March 27, 1925

Below is a more detailed news report of the Klan ceremony -- it was NOT the school's official dedication, which would happen two months later, without the Klan -- at Hicksville High School. Compared to the author of the Eagle report, who evidently was much moved by the "beautiful spectacle," the Long-Islander reporter (John Puvogel, a former Hicksville Board of Education member) was restrained and objective. One can only speculate as to how hard the Klan had to work to persuade the Board to host this event.

Huntington Long-Islander, March 28, 1925

I have been able to learn only a little about those named in this article.

Paul F. Lindner (spelled above as Linder)

In the daytime, the Exalted Cyclops of Hempstead (also described elsewhere as the Cyclops of Nassau County) was a well-known farmer in Malverne, who also dabbled in politics.
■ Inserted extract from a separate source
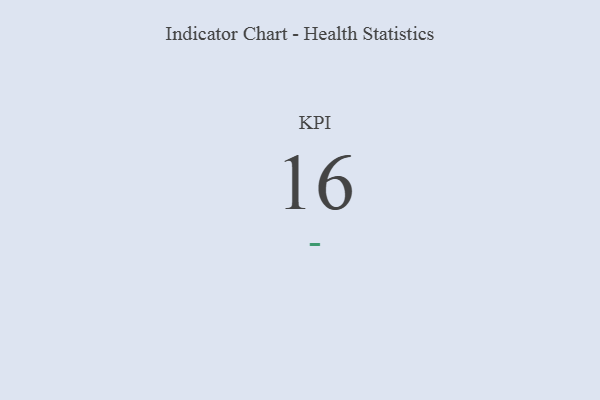
{"axis": {"x": "KPI", "y": "Value"}, "legend": [""], "data": [{"x": "KPI", "y": 16, "type": ""}]}

In 1913, he was the unsuccessful Democratic candidate for Hempstead Town Supervisor. Afterward, the IRS prosecuted his campaign chairman because of financing irregularities in the campaign.
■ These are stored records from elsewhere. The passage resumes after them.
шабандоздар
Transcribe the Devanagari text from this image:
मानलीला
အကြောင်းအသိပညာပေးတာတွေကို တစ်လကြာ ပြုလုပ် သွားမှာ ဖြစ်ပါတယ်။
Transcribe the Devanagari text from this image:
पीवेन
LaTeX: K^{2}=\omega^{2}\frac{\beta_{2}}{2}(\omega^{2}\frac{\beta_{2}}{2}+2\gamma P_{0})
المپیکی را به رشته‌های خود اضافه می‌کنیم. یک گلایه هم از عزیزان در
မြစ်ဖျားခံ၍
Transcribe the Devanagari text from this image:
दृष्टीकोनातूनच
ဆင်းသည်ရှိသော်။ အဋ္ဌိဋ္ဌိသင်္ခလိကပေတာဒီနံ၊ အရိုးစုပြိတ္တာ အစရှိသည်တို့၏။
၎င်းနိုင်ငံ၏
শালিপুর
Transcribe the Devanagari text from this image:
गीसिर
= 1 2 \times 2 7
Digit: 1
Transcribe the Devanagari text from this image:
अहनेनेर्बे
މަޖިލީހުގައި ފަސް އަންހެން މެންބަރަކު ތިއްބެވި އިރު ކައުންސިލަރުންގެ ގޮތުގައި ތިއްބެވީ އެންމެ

Less than a week before appearing in the ceremony at Hicksville High School, Lindner was in the news again. A cross had been erected and ignited on his property. The blaze was extinguished by the local fire department, but about an hour later, the same thing happened again. This time, as the firemen were preparing to extinguish the burning cross, four sticks of dynamite attached to it exploded. The resultant crater was described as being "the size of an automobile." The news report stated that the firemen who were trying to extinguish the flames, unaware of the dynamite, barely escaped serious injury.
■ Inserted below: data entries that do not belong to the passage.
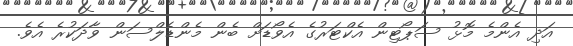
އަދި އެންމެ މޮޅު ސަޕޯޓިން އެކްޓަރުގެ އެވޯޑަށް ބެން މެންޑެލްސަން ވާދަކުރެ އެވެ.
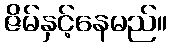
ဇိမ်နှင့်နေမည်။
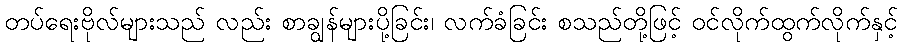
တပ်ရေးဗိုလ်များသည် လည်း စာချွန်များပို့ခြင်း၊ လက်ခံခြင်း စသည်တို့ဖြင့် ဝင်လိုက်ထွက်လိုက်နှင့်

Police ascribed the incident(s) to unknown members of the Klan, who likely were celebrating the day's victories of three KKK-supported candidates in a primary election. Surprisingly, there was no mention of whether or not the police knew that Lindner was the highest-ranking Klan official in the Town of Hempstead. No arrests were made.

Several years later, a newspaper article noted that Lindner had become the "Superintendent of Malverne Protestant Sunday Schools."

Frank H. Smith

Censuses do not seem to show any Frank H. Smith living at this time in Rockville Centre (or anywhere else on Long Island), nor have I found any other reference to him. Miss Olindt also has left behind no record of her existence. The same is true for the mother and father whose son was christened at the Klan rally in Hicksville; neither his name nor his parents' names seem to appear on any records I have been able to check.

One suspects that KKK members sometimes adopted noms de guerre when speaking to the press, much as they often used hoods to conceal their identities.

George A. Duke

Duke had had a long career with the Pennsylvania Railroad, where he gradually advanced from an entry-level brakeman position to his final position, Manager of Baggage Handling at New York's busy Pennsylvania Station (a demanding and prestigious job, comparable to someone's today being responsible for all baggage handling at LaGuardia Airport). Duke had been a resident of Hicksville for less than ten years when his fellow residents and Board members were so impressed by him that they chose him as the successor to the retiring long-serving incumbent Board President, William Duffy.

Huntington Long-Islander, July 21, 1922

As a candidate, Duke's main platform plank appears to have been a promise to discover the cause of high faculty turnover at the School. His supporters argued that his daughter's being a Hicksville student would mean a commitment to his work at Board, and that his being retired would give him time to devote to the job. His other qualifications are now forgotten. We do know, however, that like many other Americans who were born in the 1870s, his personal experience with formal education was limited. According to the 1940 U.S. Census, he had left school after 7th grade. Ironically, this means he had less formal education than the members of Hicksville's Board of Education who served under him.